Confluent HUVECs or HMEC-1 were treated with archazolid (arch) or DMSO (co) for 24 h. (A) Cathepsin B (catB) activity was measured in cell lysates of treated endothelial cells by using a fluorogenic cathepsin B substrate. Data are expressed as mean ± SEM (HUVECs n = 5; HMEC-1 n = 4). *p ≤ 0.05 versus DMSO control. (B) Western blot analysis of mature cathepsin B was performed and quantified densitometrically. Actin served as loading control. Data are expressed as mean ± SEM (n = 4). *p ≤ 0.05 versus DMSO control. One representative blot out of three independently performed experiments is shown.
Fig 9.
Overexpression of cathepsin B in endothelial cells attenuates both the basal and the archazolid-induced tumor cell adhesion.
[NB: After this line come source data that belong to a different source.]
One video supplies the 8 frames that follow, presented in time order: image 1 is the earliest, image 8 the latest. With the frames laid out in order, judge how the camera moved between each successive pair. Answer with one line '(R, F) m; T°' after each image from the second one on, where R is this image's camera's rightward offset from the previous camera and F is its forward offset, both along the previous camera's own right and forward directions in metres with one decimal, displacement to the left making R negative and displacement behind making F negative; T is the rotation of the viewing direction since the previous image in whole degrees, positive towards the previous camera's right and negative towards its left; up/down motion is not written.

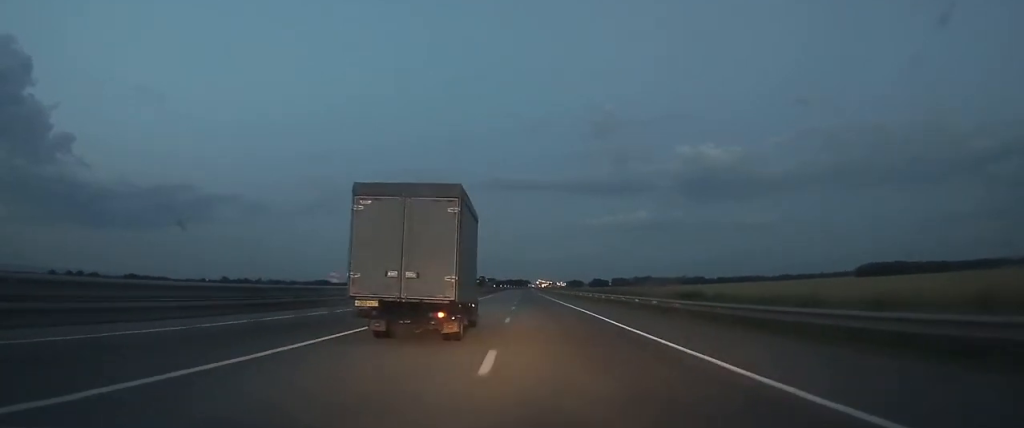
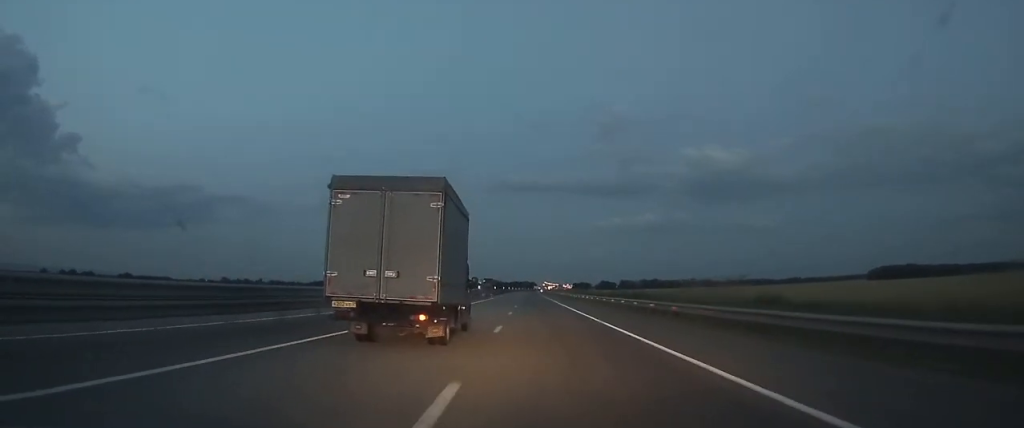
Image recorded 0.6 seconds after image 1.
(0.0, +15.9) m; 0°
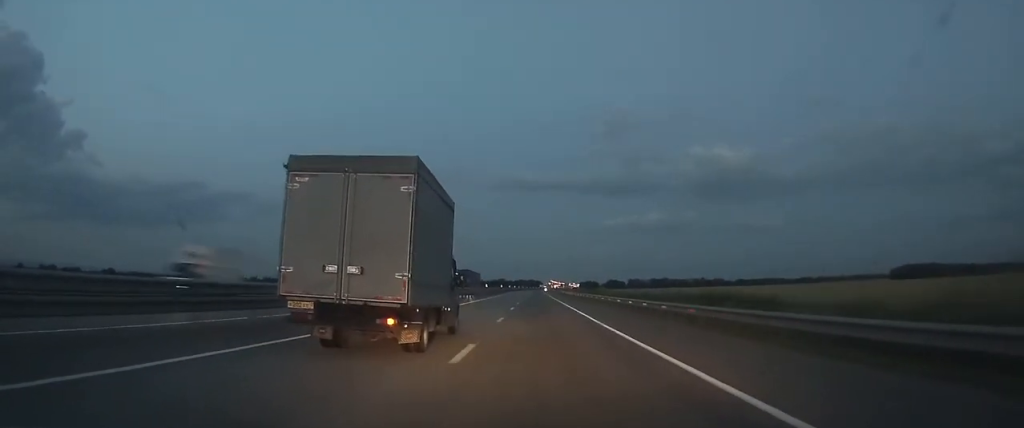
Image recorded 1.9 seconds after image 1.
(-0.1, +31.1) m; 0°
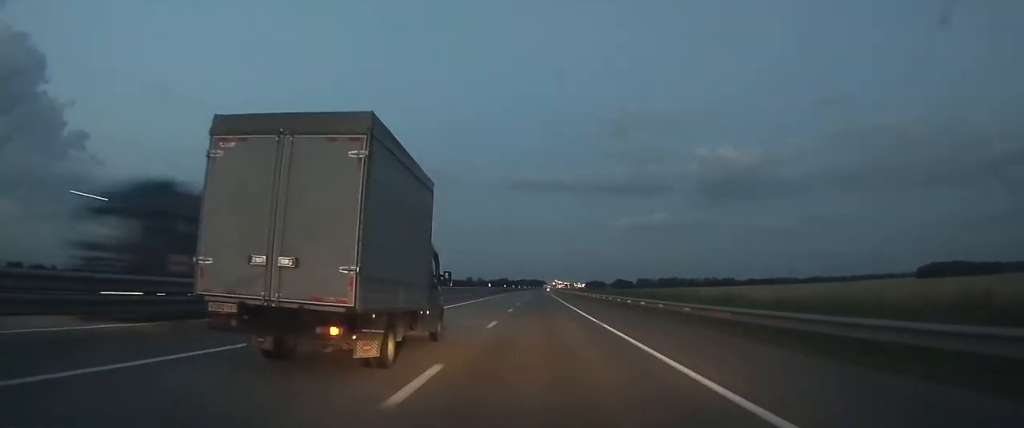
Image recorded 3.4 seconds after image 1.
(-0.2, +39.6) m; -1°
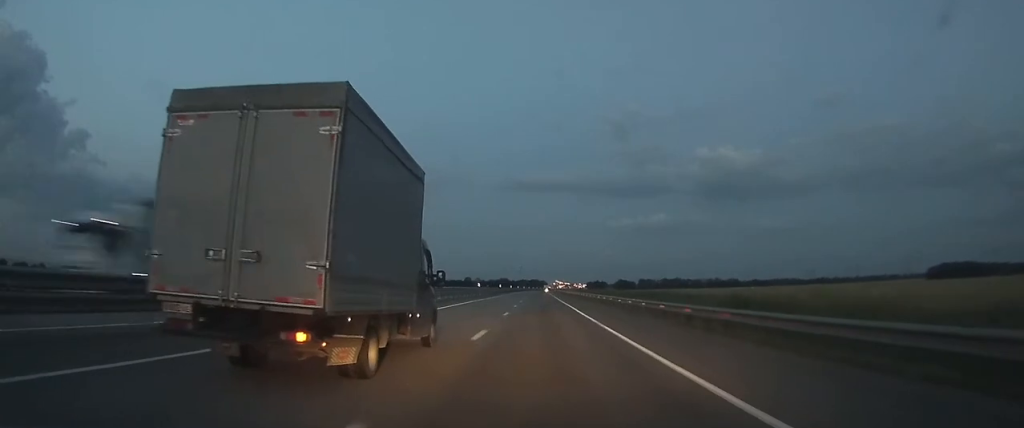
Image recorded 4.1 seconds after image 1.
(-0.1, +16.1) m; 0°
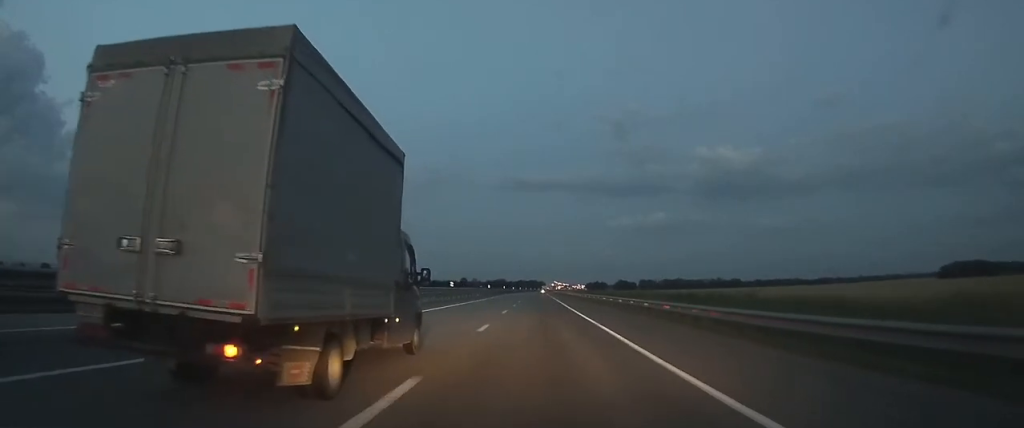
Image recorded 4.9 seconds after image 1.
(0.0, +21.2) m; 0°
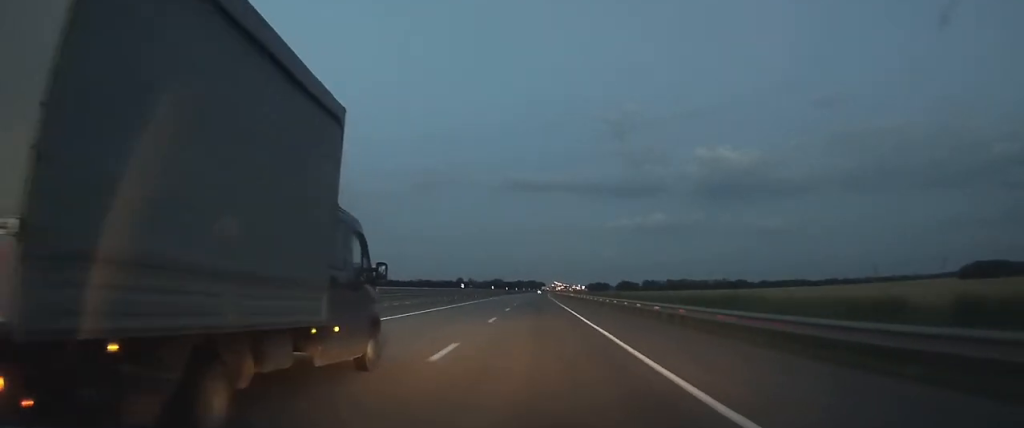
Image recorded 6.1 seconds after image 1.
(0.0, +30.6) m; 0°
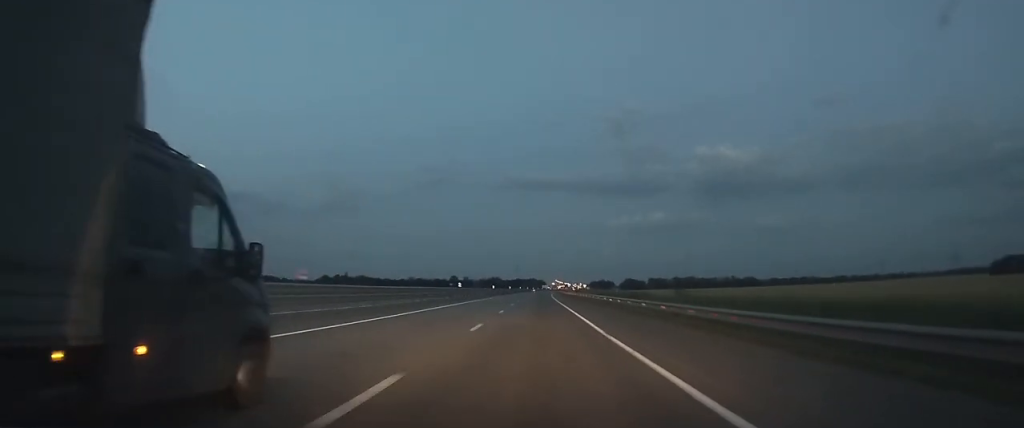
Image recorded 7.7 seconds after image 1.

HUVECs were transfected with a plasmid containing human cathepsin B (catB) or the empty vector (pcDNA3.1(-)delta MCS). After 48 h cells were treated with 1 nM archazolid (arch) or DMSO (co) for 24 h. (A) The expression of cathepsin B was determined by western blot analysis. One representative blot out of three independently performed experiments is shown. Actin served as loading control. (B) Untreated MDA-MB-231 cells were labeled with CellTracker Green CMFDA Dye, added to the HUVEC monolayer and were allowed to adhere for 10 min. Non-adherent MDA-MB-231 cells were washed off. The adhesion was quantified by measuring the fluorescence signal using a plate reader. Data are expressed as mean ± SEM (n = 7). *p ≤ 0.05 versus DMSO (control transfection). #p ≤ 0.05 versus 1 nM archazolid (control transfection).